• WHAT NEEDS TO BE DONE
Output the records. Match them exactly.

***** MATERIAL TO PROCESS

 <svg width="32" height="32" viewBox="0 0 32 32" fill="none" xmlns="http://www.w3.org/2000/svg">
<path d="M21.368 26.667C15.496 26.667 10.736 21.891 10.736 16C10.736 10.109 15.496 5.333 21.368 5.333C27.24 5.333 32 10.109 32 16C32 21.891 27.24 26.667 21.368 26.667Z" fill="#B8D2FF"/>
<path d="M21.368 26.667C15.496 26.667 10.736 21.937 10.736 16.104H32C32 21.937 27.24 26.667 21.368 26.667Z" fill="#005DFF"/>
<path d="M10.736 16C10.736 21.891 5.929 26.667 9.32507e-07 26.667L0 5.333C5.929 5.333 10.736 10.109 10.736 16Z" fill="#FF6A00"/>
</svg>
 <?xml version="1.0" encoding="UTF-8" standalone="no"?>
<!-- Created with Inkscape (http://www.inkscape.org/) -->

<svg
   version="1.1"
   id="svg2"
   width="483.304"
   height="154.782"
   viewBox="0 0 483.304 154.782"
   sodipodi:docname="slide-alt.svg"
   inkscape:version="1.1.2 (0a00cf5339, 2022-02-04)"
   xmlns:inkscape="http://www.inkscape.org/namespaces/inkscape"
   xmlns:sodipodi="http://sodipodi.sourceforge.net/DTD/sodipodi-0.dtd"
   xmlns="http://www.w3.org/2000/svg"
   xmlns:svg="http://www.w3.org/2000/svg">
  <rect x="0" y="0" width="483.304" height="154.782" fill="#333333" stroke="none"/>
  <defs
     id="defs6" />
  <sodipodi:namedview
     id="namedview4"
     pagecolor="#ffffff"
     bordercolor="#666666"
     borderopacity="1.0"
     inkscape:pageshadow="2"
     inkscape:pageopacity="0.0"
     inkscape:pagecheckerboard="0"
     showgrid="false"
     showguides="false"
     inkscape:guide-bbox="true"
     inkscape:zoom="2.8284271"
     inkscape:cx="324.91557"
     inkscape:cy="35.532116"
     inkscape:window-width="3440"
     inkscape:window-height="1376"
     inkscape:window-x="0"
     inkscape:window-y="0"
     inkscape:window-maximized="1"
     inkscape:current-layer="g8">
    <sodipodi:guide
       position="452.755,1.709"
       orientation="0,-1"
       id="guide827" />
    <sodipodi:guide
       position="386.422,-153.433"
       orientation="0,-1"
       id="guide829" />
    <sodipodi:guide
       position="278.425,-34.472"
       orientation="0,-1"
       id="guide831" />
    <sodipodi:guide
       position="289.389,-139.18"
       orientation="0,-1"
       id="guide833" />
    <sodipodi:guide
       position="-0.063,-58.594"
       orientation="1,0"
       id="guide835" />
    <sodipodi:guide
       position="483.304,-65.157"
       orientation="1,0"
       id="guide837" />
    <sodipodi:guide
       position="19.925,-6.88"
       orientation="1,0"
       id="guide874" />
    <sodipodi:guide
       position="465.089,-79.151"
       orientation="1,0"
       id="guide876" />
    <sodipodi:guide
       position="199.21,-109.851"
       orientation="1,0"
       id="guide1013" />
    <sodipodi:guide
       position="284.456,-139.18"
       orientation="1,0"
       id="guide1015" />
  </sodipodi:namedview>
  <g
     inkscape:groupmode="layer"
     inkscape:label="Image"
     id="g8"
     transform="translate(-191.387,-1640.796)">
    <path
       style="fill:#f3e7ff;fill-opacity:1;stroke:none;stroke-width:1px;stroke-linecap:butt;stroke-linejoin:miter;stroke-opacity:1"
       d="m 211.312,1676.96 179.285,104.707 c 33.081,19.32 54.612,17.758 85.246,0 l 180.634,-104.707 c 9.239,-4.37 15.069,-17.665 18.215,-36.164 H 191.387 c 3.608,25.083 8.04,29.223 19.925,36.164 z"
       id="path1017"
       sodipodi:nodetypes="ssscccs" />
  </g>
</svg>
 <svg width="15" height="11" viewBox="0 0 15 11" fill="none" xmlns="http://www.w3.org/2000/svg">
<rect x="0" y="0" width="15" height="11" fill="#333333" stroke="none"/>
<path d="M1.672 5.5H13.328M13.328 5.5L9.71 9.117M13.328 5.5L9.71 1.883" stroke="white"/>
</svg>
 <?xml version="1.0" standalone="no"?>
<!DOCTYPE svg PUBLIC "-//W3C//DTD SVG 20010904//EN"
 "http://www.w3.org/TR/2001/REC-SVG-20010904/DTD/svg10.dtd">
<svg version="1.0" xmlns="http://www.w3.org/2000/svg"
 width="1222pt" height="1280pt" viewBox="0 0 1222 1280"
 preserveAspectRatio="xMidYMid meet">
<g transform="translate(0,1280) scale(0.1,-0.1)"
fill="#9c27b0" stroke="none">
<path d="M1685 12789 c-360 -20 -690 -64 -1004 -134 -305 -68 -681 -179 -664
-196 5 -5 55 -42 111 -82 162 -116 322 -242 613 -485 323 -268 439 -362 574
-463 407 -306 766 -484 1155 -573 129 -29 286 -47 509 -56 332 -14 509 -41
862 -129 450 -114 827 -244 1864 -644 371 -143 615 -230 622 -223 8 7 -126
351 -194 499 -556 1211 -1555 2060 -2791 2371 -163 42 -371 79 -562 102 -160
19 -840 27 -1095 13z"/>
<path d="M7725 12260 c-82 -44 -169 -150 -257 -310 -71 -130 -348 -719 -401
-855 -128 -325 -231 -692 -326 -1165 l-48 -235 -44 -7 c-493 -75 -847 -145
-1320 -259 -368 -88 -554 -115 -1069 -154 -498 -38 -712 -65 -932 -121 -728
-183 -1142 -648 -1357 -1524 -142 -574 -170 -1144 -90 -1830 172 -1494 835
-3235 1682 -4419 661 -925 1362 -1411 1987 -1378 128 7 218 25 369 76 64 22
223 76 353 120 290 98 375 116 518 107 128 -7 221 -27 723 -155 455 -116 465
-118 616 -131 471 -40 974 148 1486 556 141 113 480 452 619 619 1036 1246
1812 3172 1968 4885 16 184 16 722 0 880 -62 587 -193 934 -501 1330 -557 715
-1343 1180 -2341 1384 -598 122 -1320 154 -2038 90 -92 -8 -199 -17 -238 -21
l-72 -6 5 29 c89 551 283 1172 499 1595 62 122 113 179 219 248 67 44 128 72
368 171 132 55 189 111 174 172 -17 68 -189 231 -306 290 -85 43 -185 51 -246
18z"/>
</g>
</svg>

**********

• EXERCISE SOLUTION
 <svg width="32" height="32" viewBox="0 0 32 32" fill="none" xmlns="http://www.w3.org/2000/svg">
<path d="M21.368 26.667C15.496 26.667 10.736 21.891 10.736 16C10.736 10.109 15.496 5.333 21.368 5.333C27.24 5.333 32 10.109 32 16C32 21.891 27.24 26.667 21.368 26.667Z" fill="#B8D2FF"/>
<path d="M21.368 26.667C15.496 26.667 10.736 21.937 10.736 16.104H32C32 21.937 27.24 26.667 21.368 26.667Z" fill="#005DFF"/>
<path d="M10.736 16C10.736 21.891 5.929 26.667 9.32507e-07 26.667L0 5.333C5.929 5.333 10.736 10.109 10.736 16Z" fill="#FF6A00"/>
</svg>
 <?xml version="1.0" encoding="UTF-8" standalone="no"?>
<!-- Created with Inkscape (http://www.inkscape.org/) -->

<svg
   version="1.1"
   id="svg2"
   width="483.304"
   height="154.782"
   viewBox="0 0 483.304 154.782"
   sodipodi:docname="slide-alt.svg"
   inkscape:version="1.1.2 (0a00cf5339, 2022-02-04)"
   xmlns:inkscape="http://www.inkscape.org/namespaces/inkscape"
   xmlns:sodipodi="http://sodipodi.sourceforge.net/DTD/sodipodi-0.dtd"
   xmlns="http://www.w3.org/2000/svg"
   xmlns:svg="http://www.w3.org/2000/svg">
  <rect x="0" y="0" width="483.304" height="154.782" fill="#333333" stroke="none"/>
  <defs
     id="defs6" />
  <sodipodi:namedview
     id="namedview4"
     pagecolor="#ffffff"
     bordercolor="#666666"
     borderopacity="1.0"
     inkscape:pageshadow="2"
     inkscape:pageopacity="0.0"
     inkscape:pagecheckerboard="0"
     showgrid="false"
     showguides="false"
     inkscape:guide-bbox="true"
     inkscape:zoom="2.8284271"
     inkscape:cx="324.91557"
     inkscape:cy="35.532116"
     inkscape:window-width="3440"
     inkscape:window-height="1376"
     inkscape:window-x="0"
     inkscape:window-y="0"
     inkscape:window-maximized="1"
     inkscape:current-layer="g8">
    <sodipodi:guide
       position="452.755,1.709"
       orientation="0,-1"
       id="guide827" />
    <sodipodi:guide
       position="386.422,-153.433"
       orientation="0,-1"
       id="guide829" />
    <sodipodi:guide
       position="278.425,-34.472"
       orientation="0,-1"
       id="guide831" />
    <sodipodi:guide
       position="289.389,-139.18"
       orientation="0,-1"
       id="guide833" />
    <sodipodi:guide
       position="-0.063,-58.594"
       orientation="1,0"
       id="guide835" />
    <sodipodi:guide
       position="483.304,-65.157"
       orientation="1,0"
       id="guide837" />
    <sodipodi:guide
       position="19.925,-6.88"
       orientation="1,0"
       id="guide874" />
    <sodipodi:guide
       position="465.089,-79.151"
       orientation="1,0"
       id="guide876" />
    <sodipodi:guide
       position="199.21,-109.851"
       orientation="1,0"
       id="guide1013" />
    <sodipodi:guide
       position="284.456,-139.18"
       orientation="1,0"
       id="guide1015" />
  </sodipodi:namedview>
  <g
     inkscape:groupmode="layer"
     inkscape:label="Image"
     id="g8"
     transform="translate(-191.387,-1640.796)">
    <path
       style="fill:#f3e7ff;fill-opacity:1;stroke:none;stroke-width:1px;stroke-linecap:butt;stroke-linejoin:miter;stroke-opacity:1"
       d="m 211.312,1676.96 179.285,104.707 c 33.081,19.32 54.612,17.758 85.246,0 l 180.634,-104.707 c 9.239,-4.37 15.069,-17.665 18.215,-36.164 H 191.387 c 3.608,25.083 8.04,29.223 19.925,36.164 z"
       id="path1017"
       sodipodi:nodetypes="ssscccs" />
  </g>
</svg>
 <svg width="15" height="11" viewBox="0 0 15 11" fill="none" xmlns="http://www.w3.org/2000/svg">
<rect x="0" y="0" width="15" height="11" fill="#333333" stroke="none"/>
<path d="M1.672 5.5H13.328M13.328 5.5L9.71 9.117M13.328 5.5L9.71 1.883" stroke="white"/>
</svg>
 <?xml version="1.0" standalone="no"?>
<!DOCTYPE svg PUBLIC "-//W3C//DTD SVG 20010904//EN"
 "http://www.w3.org/TR/2001/REC-SVG-20010904/DTD/svg10.dtd">
<svg version="1.0" xmlns="http://www.w3.org/2000/svg"
 width="1222pt" height="1280pt" viewBox="0 0 1222 1280"
 preserveAspectRatio="xMidYMid meet">
<g transform="translate(0,1280) scale(0.1,-0.1)"
fill="#9c27b0" stroke="none">
<path d="M1685 12789 c-360 -20 -690 -64 -1004 -134 -305 -68 -681 -179 -664
-196 5 -5 55 -42 111 -82 162 -116 322 -242 613 -485 323 -268 439 -362 574
-463 407 -306 766 -484 1155 -573 129 -29 286 -47 509 -56 332 -14 509 -41
862 -129 450 -114 827 -244 1864 -644 371 -143 615 -230 622 -223 8 7 -126
351 -194 499 -556 1211 -1555 2060 -2791 2371 -163 42 -371 79 -562 102 -160
19 -840 27 -1095 13z"/>
<path d="M7725 12260 c-82 -44 -169 -150 -257 -310 -71 -130 -348 -719 -401
-855 -128 -325 -231 -692 -326 -1165 l-48 -235 -44 -7 c-493 -75 -847 -145
-1320 -259 -368 -88 -554 -115 -1069 -154 -498 -38 -712 -65 -932 -121 -728
-183 -1142 -648 -1357 -1524 -142 -574 -170 -1144 -90 -1830 172 -1494 835
-3235 1682 -4419 661 -925 1362 -1411 1987 -1378 128 7 218 25 369 76 64 22
223 76 353 120 290 98 375 116 518 107 128 -7 221 -27 723 -155 455 -116 465
-118 616 -131 471 -40 974 148 1486 556 141 113 480 452 619 619 1036 1246
1812 3172 1968 4885 16 184 16 722 0 880 -62 587 -193 934 -501 1330 -557 715
-1343 1180 -2341 1384 -598 122 -1320 154 -2038 90 -92 -8 -199 -17 -238 -21
l-72 -6 5 29 c89 551 283 1172 499 1595 62 122 113 179 219 248 67 44 128 72
368 171 132 55 189 111 174 172 -17 68 -189 231 -306 290 -85 43 -185 51 -246
18z"/>
</g>
</svg>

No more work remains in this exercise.